In other words, if Spin isn't fast enough, do it in assembly language. The time critical parts of your code are probably pretty small and
likely would translate to a small, straightforward assembly routine.
Steven,
Can you make changes to the spin interpreter to read the cog registers directly?
▔▔▔▔▔▔▔▔▔▔▔▔▔▔▔▔▔▔▔▔▔▔▔▔
www.fd.com.my
www.mercedes.com.my
2) learn ASM
3) read the counters lab, I posted the link in your other thread...
▔▔▔▔▔▔▔▔▔▔▔▔▔▔▔▔▔▔▔▔▔▔▔▔
E3 = Thought
http://folding.stanford.edu/·- Donating some CPU/GPU downtime just might lead to a cure for cancer!

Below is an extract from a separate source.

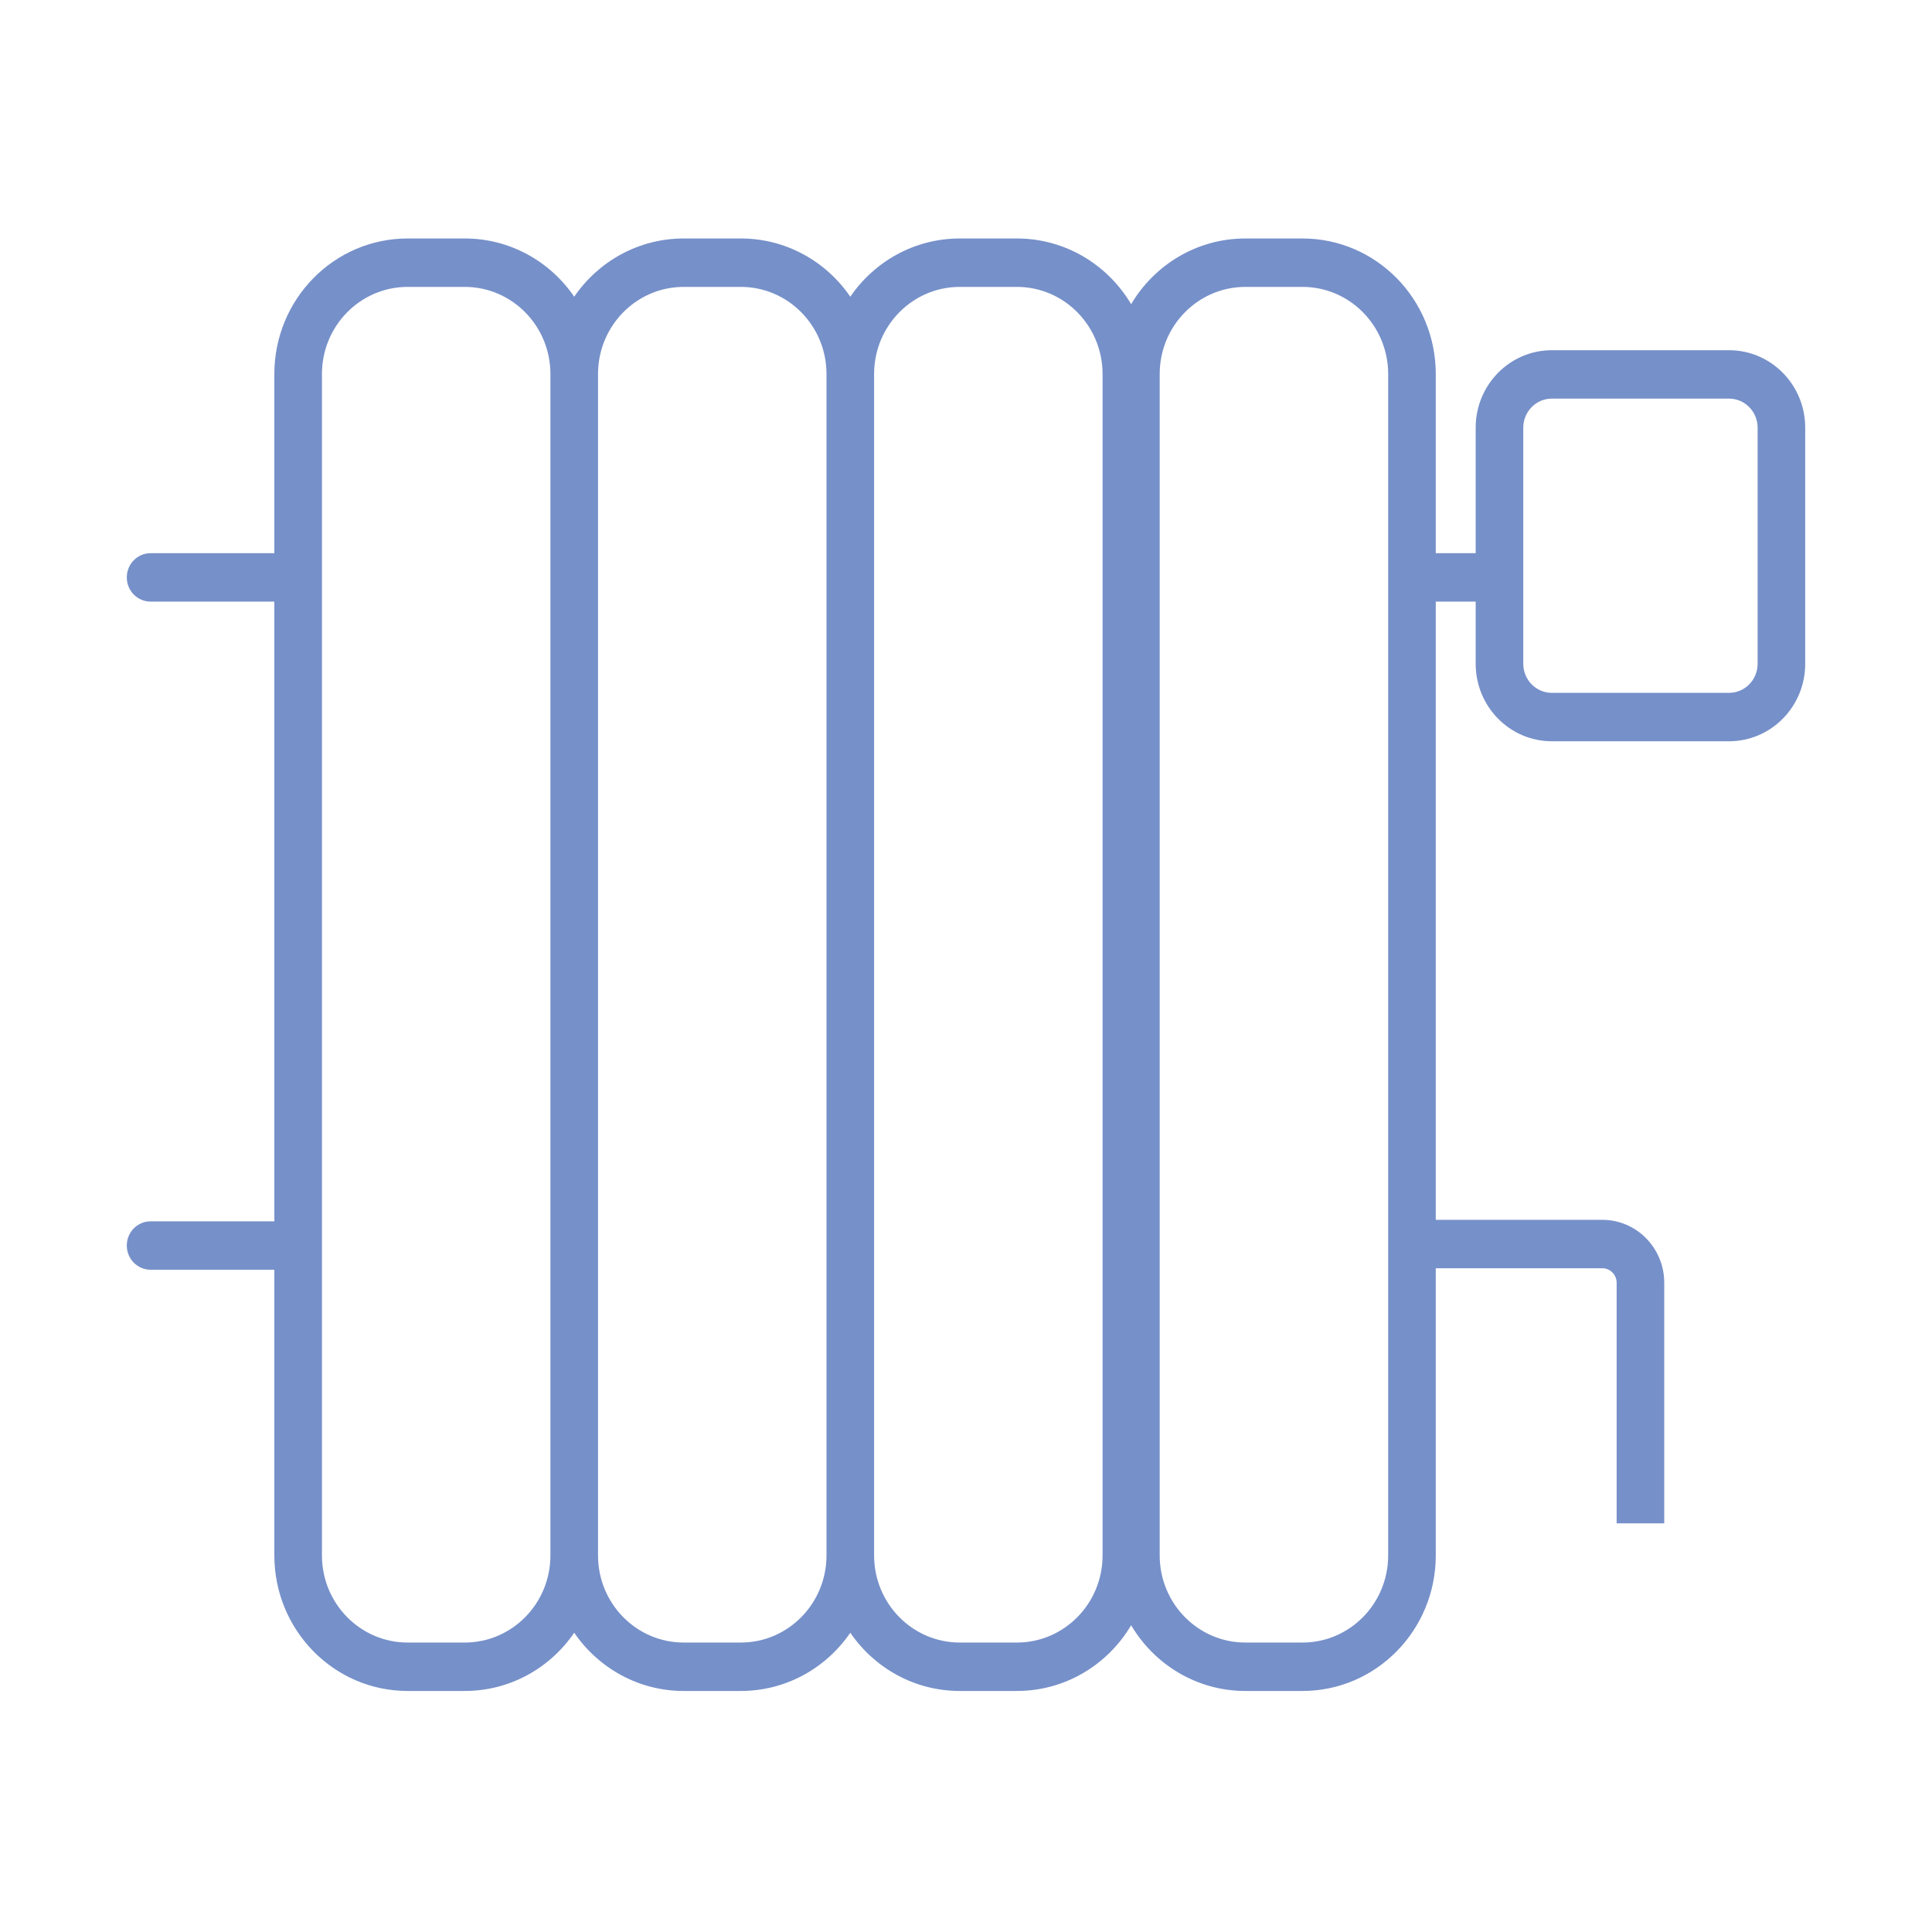 <svg width="640" height="640" viewBox="0 0 640 640" fill="none" xmlns="http://www.w3.org/2000/svg">
<path fill-rule="evenodd" clip-rule="evenodd" d="M153.952 560.154C168.974 560.154 182.243 552.524 190.218 540.865C198.193 552.524 211.463 560.154 226.485 560.154H245.406C260.427 560.154 273.698 552.524 281.672 540.865C289.647 552.524 302.916 560.154 317.939 560.154H336.86C352.919 560.154 366.978 551.431 374.704 538.391C382.428 551.431 396.486 560.154 412.546 560.154H431.467C455.85 560.154 475.618 540.048 475.618 515.246V420.125H530.805C533.416 420.125 535.536 422.279 535.536 424.937V504.635H551.302V424.937C551.302 413.421 542.126 404.087 530.805 404.087H475.618V199.288H488.838V219.892C488.838 234.064 500.133 245.553 514.065 245.553H572.77C586.705 245.553 598 234.064 598 219.892V141.673C598 127.501 586.705 116.012 572.77 116.012H514.065C500.133 116.012 488.838 127.501 488.838 141.673V183.25H475.618V123.908C475.618 99.106 455.85 79 431.467 79H412.546C396.486 79 382.428 87.722 374.702 100.764C366.978 87.722 352.919 79 336.86 79H317.939C302.916 79 289.647 86.631 281.672 98.289C273.698 86.631 260.427 79 245.406 79H226.485C211.463 79 198.193 86.631 190.218 98.289C182.243 86.631 168.974 79 153.952 79H135.031C110.647 79 90.88 99.106 90.88 123.908V183.25H49.884C45.53 183.25 42 186.84 42 191.269C42 195.698 45.53 199.288 49.884 199.288H90.88V404.581H49.884C45.53 404.581 42 408.171 42 412.6C42 417.029 45.53 420.619 49.884 420.619H90.88V515.246C90.88 540.048 110.647 560.154 135.031 560.154H153.952ZM153.952 95.038H135.031C119.356 95.038 106.648 107.964 106.648 123.908V515.246C106.648 531.191 119.356 544.115 135.031 544.115H153.952C169.627 544.115 182.334 531.191 182.334 515.246V123.908C182.334 107.964 169.627 95.038 153.952 95.038ZM289.557 123.908V515.246C289.557 531.191 302.264 544.115 317.939 544.115H336.86C352.535 544.115 365.241 531.191 365.241 515.246V123.908C365.241 107.964 352.535 95.038 336.86 95.038H317.939C302.264 95.038 289.557 107.964 289.557 123.908ZM273.788 123.908C273.788 107.964 261.081 95.038 245.406 95.038H226.485C210.81 95.038 198.102 107.964 198.102 123.908V515.246C198.102 531.191 210.81 544.115 226.485 544.115H245.406C261.081 544.115 273.788 531.191 273.788 515.246V123.908ZM431.467 95.038H412.546C396.871 95.038 384.165 107.964 384.165 123.908V515.246C384.165 531.191 396.871 544.115 412.546 544.115H431.467C447.142 544.115 459.849 531.191 459.849 515.246V123.908C459.849 107.964 447.142 95.038 431.467 95.038ZM572.77 132.05H514.065C508.841 132.05 504.605 136.359 504.605 141.673V219.892C504.605 225.206 508.841 229.515 514.065 229.515H572.77C577.997 229.515 582.233 225.206 582.233 219.892V141.673C582.233 136.359 577.997 132.05 572.77 132.05Z" fill="#7690C9"/>
</svg>

My team stats.
There could be quite an amount of work involved in that I suspect, and it wouldn't be as simple as 'read the registers directly'.
Even before 128MHz things can start failing. The highest practical clock speed for 'normal circumstances' would seem to be 100MHz. More info on the Wiki at -
propeller.wikispaces.com/Oscillator
The Spin interpreter in the Propeller chip is in what is known as masked ROM. It cannot be upgraded.
Like I said, you're free to make your own version of the Spin interpreter which can be run in a cog like any other assembly program.
It's just that it can't be built into the chip.
RinksCustoms,
"Overclocking" the Propeller to 128MHz is not safe. The chip will not work reliably at most temperatures and supply voltages at that speed. Read the datasheet. There's a graph on page 31. You'll need to keep the supply voltage at the high end of its range and you'll need to refrigerate the chip.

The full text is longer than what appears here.